▶ _Exercise description_: Start to finish, print the entries exactly, and carry none of the pictures over.

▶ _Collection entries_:
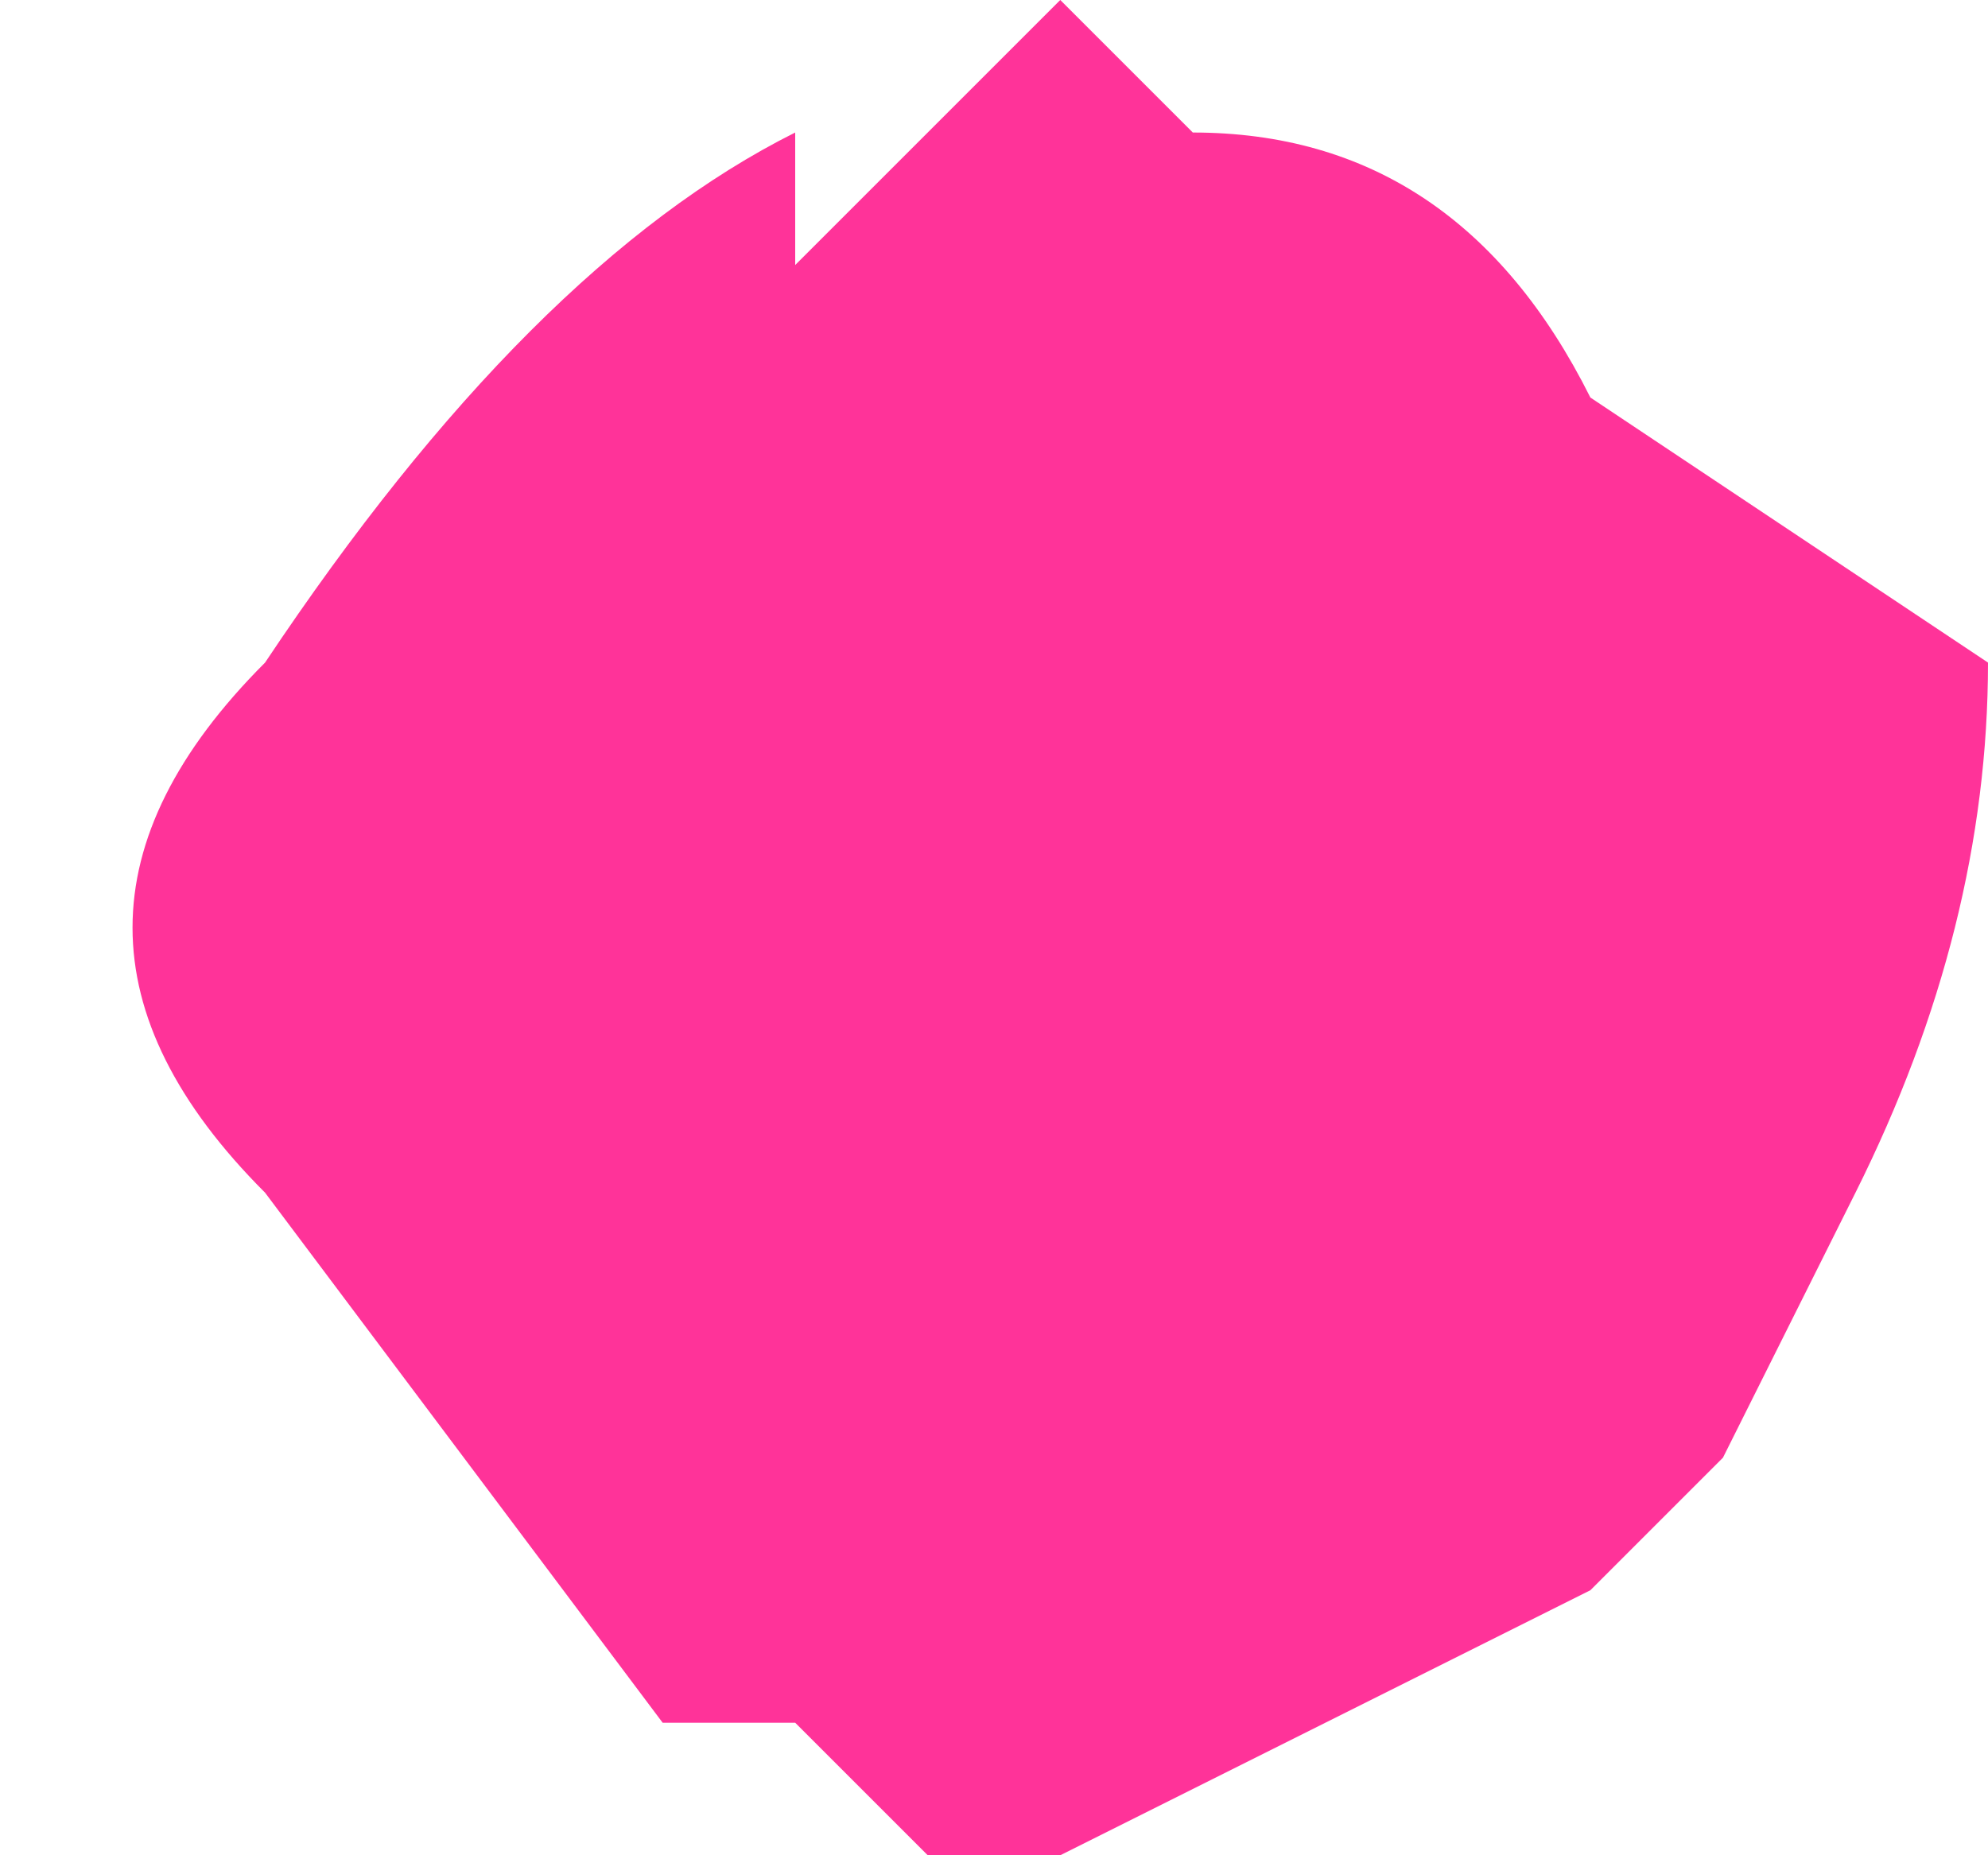 <?xml version="1.0" encoding="UTF-8" standalone="no"?>
<svg xmlns:xlink="http://www.w3.org/1999/xlink" height="0.7px" width="0.75px" xmlns="http://www.w3.org/2000/svg">
  <g transform="matrix(1.0, 0.0, 0.0, 1.0, 0.4, 0.35)">
    <path d="M0.35 -0.1 Q0.35 0.0 0.3 0.1 L0.25 0.2 0.2 0.25 0.0 0.35 -0.05 0.35 -0.1 0.3 -0.15 0.3 -0.3 0.1 Q-0.4 0.0 -0.3 -0.1 -0.2 -0.25 -0.1 -0.3 L-0.1 -0.25 0.0 -0.35 0.05 -0.3 Q0.15 -0.3 0.2 -0.2 L0.35 -0.1" fill="#ff3399" fill-rule="evenodd" stroke="none"/>
  </g>
</svg>

▶ _Finished task_:
 <?xml version="1.0" encoding="UTF-8" standalone="no"?>
<svg xmlns:xlink="http://www.w3.org/1999/xlink" height="0.7px" width="0.75px" xmlns="http://www.w3.org/2000/svg">
  <g transform="matrix(1.0, 0.0, 0.0, 1.0, 0.4, 0.35)">
    <path d="M0.35 -0.1 Q0.35 0.0 0.3 0.1 L0.25 0.2 0.2 0.25 0.0 0.35 -0.05 0.35 -0.1 0.3 -0.15 0.3 -0.3 0.1 Q-0.4 0.0 -0.3 -0.1 -0.2 -0.25 -0.1 -0.3 L-0.1 -0.25 0.0 -0.35 0.05 -0.3 Q0.15 -0.3 0.2 -0.2 L0.35 -0.1" fill="#ff3399" fill-rule="evenodd" stroke="none"/>
  </g>
</svg>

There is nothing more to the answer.